In practice the vectors $\mathbf{x}_{k}$ and $\mathbf{y}_{k}$ may contain noise which means that the similarity equations are only approximately valid. As a consequence, there may not be a vector $\mathbf{a}$ which solves the homogeneous equation $\mathbf{0} = \mathbf{B} \, \mathbf{a}$ exactly.
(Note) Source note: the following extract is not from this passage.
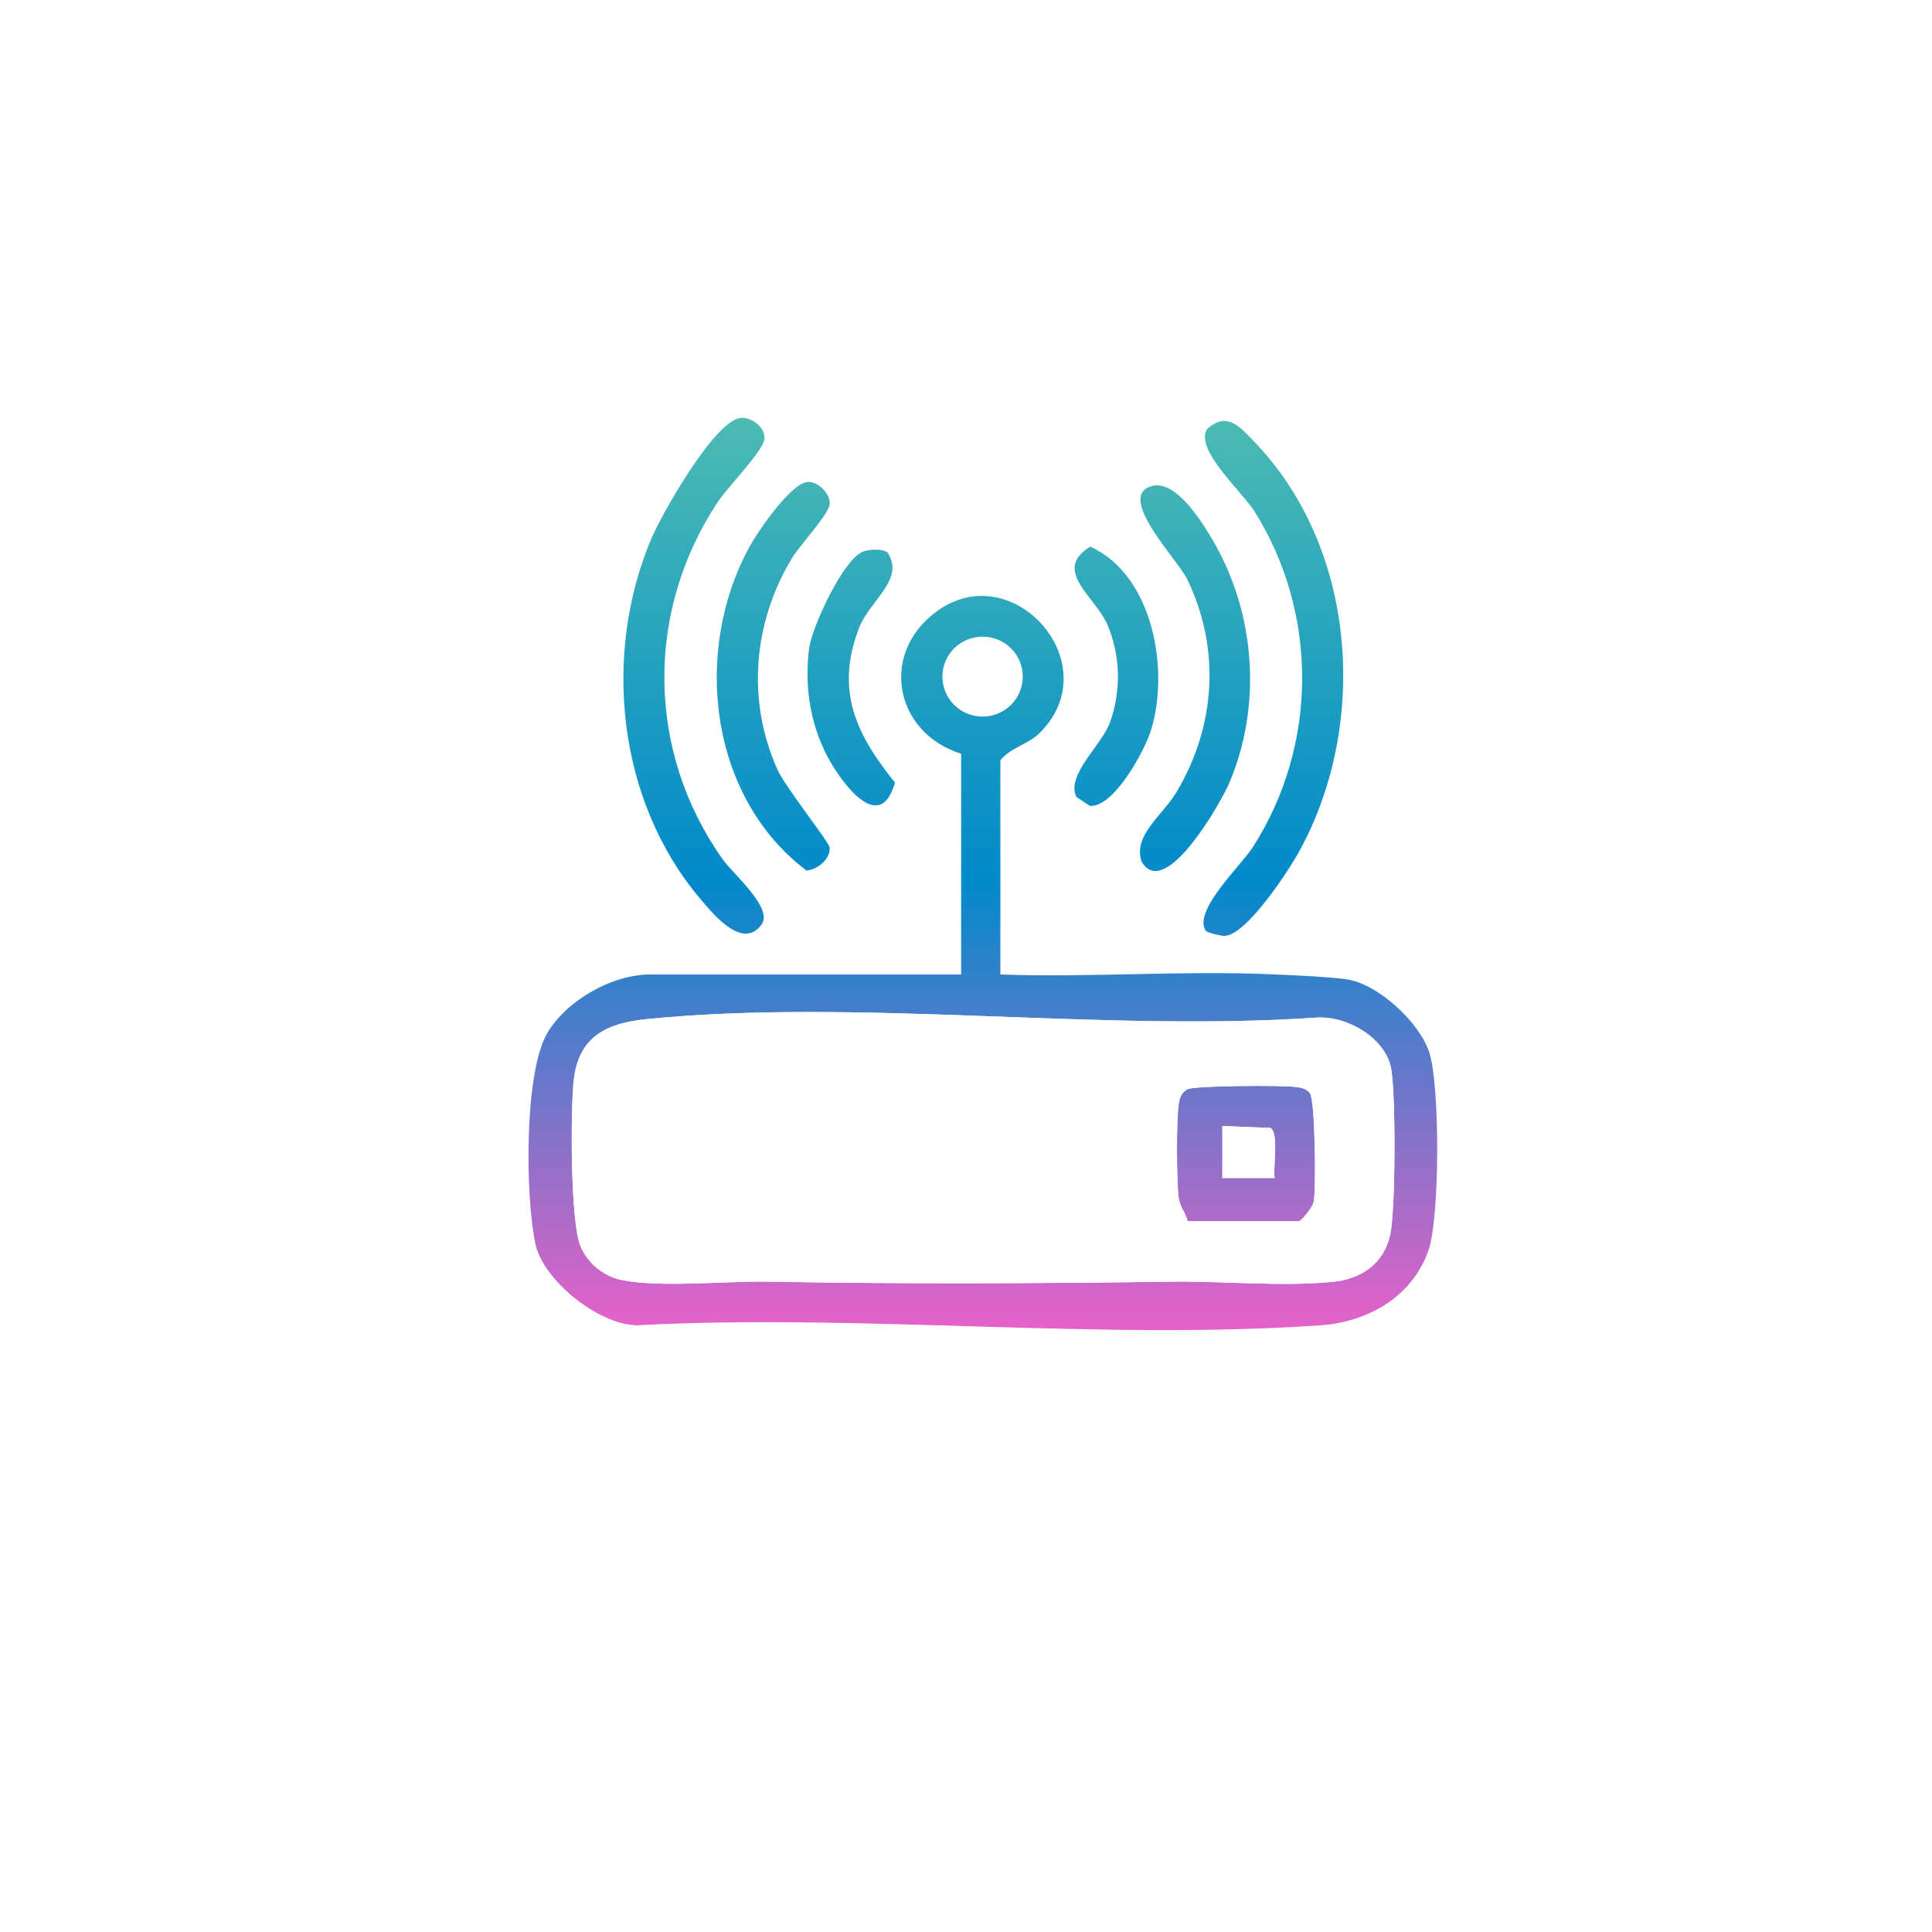 <?xml version="1.0" encoding="UTF-8"?> <svg xmlns="http://www.w3.org/2000/svg" width="114" height="114" viewBox="0 0 114 114" fill="none"><g filter="url(#filter0_d_2324_11)"><rect x="15" y="11" width="84" height="84" rx="13" fill="white"></rect></g><path d="M86 22V81H30V22H86ZM43.738 24.656C42.204 24.733 39.037 30.355 38.431 31.787C35.538 38.64 36.425 47.242 41.31 53.025C42.112 53.972 43.802 56.051 44.922 54.578C45.672 53.589 43.278 51.605 42.631 50.69C38.143 44.336 38.058 36.066 42.379 29.583C42.931 28.756 45.025 26.638 45.102 25.921C45.179 25.203 44.385 24.623 43.738 24.656ZM71.139 54.912C71.211 55.025 72.054 55.229 72.267 55.221C73.57 55.165 76.056 51.357 76.701 50.172C80.798 42.637 80.048 32.237 73.921 25.966C73.087 25.113 72.375 24.291 71.227 25.318C70.482 26.531 73.3 29.014 74.037 30.194C77.805 36.221 77.767 43.981 73.937 49.975C73.243 51.058 70.392 53.725 71.142 54.912H71.139ZM47.635 28.439C46.651 28.533 44.74 31.328 44.252 32.211C40.84 38.377 41.834 47.035 47.589 51.365C48.231 51.319 49.019 50.683 48.955 50.003C48.927 49.697 46.335 46.433 45.878 45.416C44.041 41.34 44.437 36.702 46.749 32.904C47.208 32.148 48.894 30.365 48.955 29.749C49.017 29.134 48.246 28.378 47.635 28.436V28.439ZM67.944 28.684C65.837 29.305 69.472 33.001 70.04 34.163C72.041 38.262 71.738 42.87 69.408 46.755C68.594 48.111 66.808 49.321 67.371 50.864C68.756 53.155 72.041 47.337 72.506 46.259C74.487 41.659 74.086 36.191 71.561 31.882C70.952 30.842 69.375 28.26 67.941 28.684H67.944ZM64.332 32.257C62.054 33.634 64.63 35.228 65.321 36.811C66.123 38.643 66.171 40.737 65.501 42.612C65.015 43.976 62.873 45.74 63.518 47.028L64.306 47.551C65.719 47.661 67.507 44.336 67.882 43.191C69.051 39.616 68.057 33.93 64.332 32.257ZM50.99 32.523C49.793 32.88 47.907 37.023 47.748 38.239C47.437 40.594 47.851 43.028 49.063 45.061C49.949 46.55 51.981 49.117 52.811 46.175C50.502 43.309 49.284 40.739 50.684 37.072C51.324 35.399 53.438 34.193 52.361 32.587C52.04 32.372 51.365 32.411 50.992 32.523H50.99ZM56.716 44.476V57.502H38.349C36.127 57.502 33.44 59.019 32.304 60.943C30.907 63.303 31.004 70.684 31.598 73.409C32.068 75.56 35.31 78.157 37.568 78.201C50.748 77.496 64.848 79.102 77.921 78.201C80.701 78.009 83.313 76.543 84.284 73.8C84.967 71.867 84.975 64.051 84.338 62.094C83.765 60.335 81.309 58.033 79.429 57.781C78.281 57.627 76.326 57.546 75.095 57.492C69.773 57.26 64.358 57.686 59.03 57.502V44.859C59.644 44.103 60.672 43.922 61.345 43.255C65.444 39.187 59.793 32.814 55.308 36.05C51.861 38.535 52.785 43.253 56.718 44.476H56.716Z" fill="white"></path><path d="M71.139 54.912C70.389 53.725 73.243 51.058 73.934 49.975C77.767 43.981 77.805 36.221 74.034 30.194C73.297 29.014 70.479 26.531 71.224 25.318C72.373 24.291 73.087 25.111 73.919 25.966C80.046 32.237 80.798 42.637 76.698 50.172C76.054 51.357 73.567 55.165 72.265 55.221C72.051 55.232 71.209 55.027 71.137 54.912H71.139Z" fill="url(#paint0_linear_2324_11)"></path><path d="M43.738 24.656C44.385 24.623 45.174 25.233 45.102 25.921C45.03 26.608 42.931 28.753 42.379 29.583C38.058 36.066 38.143 44.336 42.631 50.69C43.276 51.605 45.672 53.592 44.922 54.578C43.802 56.051 42.112 53.972 41.31 53.025C36.425 47.24 35.538 38.64 38.431 31.787C39.035 30.355 42.204 24.733 43.738 24.656Z" fill="url(#paint1_linear_2324_11)"></path><path d="M47.635 28.439C48.246 28.38 49.019 29.136 48.955 29.752C48.891 30.367 47.208 32.15 46.749 32.906C44.437 36.704 44.041 41.345 45.878 45.419C46.335 46.435 48.927 49.699 48.955 50.006C49.019 50.683 48.231 51.319 47.589 51.367C41.837 47.035 40.843 38.38 44.252 32.214C44.74 31.33 46.648 28.536 47.635 28.442V28.439Z" fill="url(#paint2_linear_2324_11)"></path><path d="M67.944 28.684C69.38 28.26 70.954 30.842 71.563 31.882C74.086 36.188 74.489 41.659 72.509 46.259C72.044 47.337 68.758 53.155 67.374 50.864C66.808 49.324 68.596 48.111 69.411 46.755C71.738 42.87 72.044 38.265 70.043 34.163C69.475 33.001 65.837 29.305 67.946 28.684L67.944 28.684Z" fill="url(#paint3_linear_2324_11)"></path><path d="M50.99 32.523C51.365 32.411 52.038 32.372 52.359 32.587C53.438 34.193 51.321 35.399 50.681 37.072C49.282 40.739 50.496 43.309 52.808 46.175C51.979 49.117 49.947 46.55 49.06 45.061C47.851 43.028 47.434 40.591 47.745 38.239C47.907 37.023 49.793 32.88 50.987 32.523L50.99 32.523Z" fill="url(#paint4_linear_2324_11)"></path><path d="M64.332 32.257C68.059 33.93 69.051 39.616 67.882 43.191C67.51 44.336 65.719 47.664 64.306 47.551L63.518 47.028C62.873 45.74 65.013 43.976 65.501 42.612C66.169 40.737 66.12 38.643 65.321 36.811C64.627 35.228 62.054 33.631 64.332 32.257Z" fill="url(#paint5_linear_2324_11)"></path><path d="M57.977 42.282C59.286 42.282 60.348 41.227 60.348 39.925C60.348 38.623 59.286 37.567 57.977 37.567C56.667 37.567 55.606 38.623 55.606 39.925C55.606 41.227 56.667 42.282 57.977 42.282Z" fill="white"></path><path d="M56.716 44.476C52.783 43.253 51.858 38.535 55.305 36.05C59.791 32.814 65.442 39.187 61.342 43.255C60.672 43.922 59.642 44.103 59.028 44.859V57.502C64.355 57.686 69.77 57.26 75.093 57.492C76.323 57.546 78.278 57.627 79.426 57.781C81.307 58.033 83.763 60.335 84.335 62.094C84.972 64.051 84.965 71.869 84.281 73.8C83.311 76.543 80.698 78.009 77.918 78.201C64.846 79.1 50.746 77.496 37.565 78.201C35.307 78.157 32.065 75.56 31.595 73.409C31.002 70.684 30.904 63.3 32.302 60.943C33.44 59.022 36.127 57.502 38.346 57.502H56.713V44.476H56.716ZM60.35 39.925C60.35 38.622 59.289 37.567 57.979 37.567C56.669 37.567 55.608 38.622 55.608 39.925C55.608 41.227 56.669 42.282 57.979 42.282C59.289 42.282 60.35 41.227 60.35 39.925ZM38.169 60.133C35.813 60.368 34.133 61.149 33.853 63.76C33.663 65.527 33.645 72.163 34.267 73.567C34.696 74.543 35.605 75.302 36.666 75.524C38.937 75.996 42.806 75.58 45.295 75.626C53.294 75.769 61.211 75.736 69.187 75.626C72.195 75.585 75.65 75.938 78.676 75.634C80.349 75.465 81.674 74.535 82.034 72.842C82.35 71.346 82.365 64.585 82.088 63.055C81.756 61.234 79.457 59.918 77.664 60.046C64.954 60.917 50.699 58.886 38.171 60.133H38.169Z" fill="url(#paint6_linear_2324_11)"></path><path d="M70.073 72.061C69.968 71.532 69.621 71.251 69.547 70.669C69.424 69.713 69.4 65.926 69.567 65.044C69.629 64.72 69.76 64.421 70.073 64.271C70.518 64.056 75.607 64.031 76.38 64.133C76.739 64.179 77.045 64.191 77.292 64.503C77.603 64.896 77.664 70.153 77.518 70.906C77.454 71.241 76.793 72.061 76.624 72.061H70.073ZM75.214 69.509C75.108 68.845 75.471 66.899 74.972 66.554L72.128 66.442V69.509H75.214Z" fill="url(#paint7_linear_2324_11)"></path><path d="M38.169 60.133C50.699 58.886 64.954 60.914 77.662 60.046C79.455 59.918 81.754 61.234 82.085 63.055C82.363 64.585 82.35 71.346 82.031 72.842C81.672 74.535 80.346 75.465 78.674 75.634C75.648 75.938 72.195 75.583 69.185 75.626C61.208 75.736 53.291 75.769 45.292 75.626C42.8 75.583 38.934 75.999 36.663 75.524C35.603 75.302 34.693 74.543 34.264 73.567C33.645 72.163 33.661 65.527 33.851 63.76C34.131 61.149 35.813 60.368 38.166 60.133H38.169ZM70.073 72.061H76.624C76.793 72.061 77.454 71.238 77.518 70.906C77.662 70.153 77.603 64.896 77.292 64.503C77.045 64.191 76.739 64.179 76.38 64.133C75.607 64.031 70.515 64.056 70.073 64.271C69.76 64.421 69.629 64.723 69.567 65.044C69.4 65.926 69.424 69.713 69.547 70.669C69.621 71.251 69.968 71.532 70.073 72.061Z" fill="white"></path><path d="M75.214 69.509H72.128V66.442L74.972 66.554C75.471 66.899 75.108 68.845 75.214 69.509Z" fill="white"></path><defs><filter id="filter0_d_2324_11" x="0" y="0" width="114" height="114" filterUnits="userSpaceOnUse" color-interpolation-filters="sRGB"><feFlood flood-opacity="0" result="BackgroundImageFix"></feFlood><feColorMatrix in="SourceAlpha" type="matrix" values="0 0 0 0 0 0 0 0 0 0 0 0 0 0 0 0 0 0 127 0" result="hardAlpha"></feColorMatrix><feOffset dy="4"></feOffset><feGaussianBlur stdDeviation="7.5"></feGaussianBlur><feComposite in2="hardAlpha" operator="out"></feComposite><feColorMatrix type="matrix" values="0 0 0 0 0 0 0 0 0 0 0 0 0 0 0 0 0 0 0.1 0"></feColorMatrix><feBlend mode="normal" in2="BackgroundImageFix" result="effect1_dropShadow_2324_11"></feBlend><feBlend mode="normal" in="SourceGraphic" in2="effect1_dropShadow_2324_11" result="shape"></feBlend></filter><linearGradient id="paint0_linear_2324_11" x1="58" y1="22" x2="58" y2="81" gradientUnits="userSpaceOnUse"><stop stop-color="#53C0B0"></stop><stop offset="0.507" stop-color="#018ACB"></stop><stop offset="1" stop-color="#FD5DC8"></stop></linearGradient><linearGradient id="paint1_linear_2324_11" x1="58" y1="22" x2="58" y2="81" gradientUnits="userSpaceOnUse"><stop stop-color="#53C0B0"></stop><stop offset="0.507" stop-color="#018ACB"></stop><stop offset="1" stop-color="#FD5DC8"></stop></linearGradient><linearGradient id="paint2_linear_2324_11" x1="58" y1="22" x2="58" y2="81" gradientUnits="userSpaceOnUse"><stop stop-color="#53C0B0"></stop><stop offset="0.507" stop-color="#018ACB"></stop><stop offset="1" stop-color="#FD5DC8"></stop></linearGradient><linearGradient id="paint3_linear_2324_11" x1="58" y1="22" x2="58" y2="81" gradientUnits="userSpaceOnUse"><stop stop-color="#53C0B0"></stop><stop offset="0.507" stop-color="#018ACB"></stop><stop offset="1" stop-color="#FD5DC8"></stop></linearGradient><linearGradient id="paint4_linear_2324_11" x1="58" y1="22" x2="58" y2="81" gradientUnits="userSpaceOnUse"><stop stop-color="#53C0B0"></stop><stop offset="0.507" stop-color="#018ACB"></stop><stop offset="1" stop-color="#FD5DC8"></stop></linearGradient><linearGradient id="paint5_linear_2324_11" x1="58" y1="22" x2="58" y2="81" gradientUnits="userSpaceOnUse"><stop stop-color="#53C0B0"></stop><stop offset="0.507" stop-color="#018ACB"></stop><stop offset="1" stop-color="#FD5DC8"></stop></linearGradient><linearGradient id="paint6_linear_2324_11" x1="58" y1="22" x2="58" y2="81" gradientUnits="userSpaceOnUse"><stop stop-color="#53C0B0"></stop><stop offset="0.507" stop-color="#018ACB"></stop><stop offset="1" stop-color="#FD5DC8"></stop></linearGradient><linearGradient id="paint7_linear_2324_11" x1="58" y1="22" x2="58" y2="81" gradientUnits="userSpaceOnUse"><stop stop-color="#53C0B0"></stop><stop offset="0.507" stop-color="#018ACB"></stop><stop offset="1" stop-color="#FD5DC8"></stop></linearGradient></defs></svg>

In these cases, a total least squares solution can be used by choosing $\mathbf{a}$ as a right singular vector corresponding to the smallest singular value of $\mathbf{B}.$

== More general cases ==

The above example has $\mathbf{x}_{k} \in \mathbb{R}^{2}$ and $\mathbf{y}_{k} \in \mathbb{R}^{3}$, but the general strategy for rewriting the similarity relations into homogeneous linear equations can be generalized to arbitrary dimensions for both $\mathbf{x}_{k}$ and $\mathbf{y}_{k}.$

If $\mathbf{x}_{k} \in \mathbb{R}^{2}$ and $\mathbf{y}_{k} \in \mathbb{R}^{q}$ the previous expressions can still lead to an equation

 $0 = \mathbf{x}_{k}^{T} \, \mathbf{H} \, \mathbf{A} \, \mathbf{y}_{k}$ for $\, k = 1, \ldots, N$

where $\mathbf{A}$ now is $2 \times q.$ Each k provides one equation in the $2q$ unknown elements of $\mathbf{A}$ and together these equations can be written $\mathbf{B} \, \mathbf{a} = \mathbf{0}$ for the known $N \times 2 \, q$ matrix $\mathbf{B}$ and unknown 2q-dimensional vector $\mathbf{a}.$ This vector can be found in a similar way as before.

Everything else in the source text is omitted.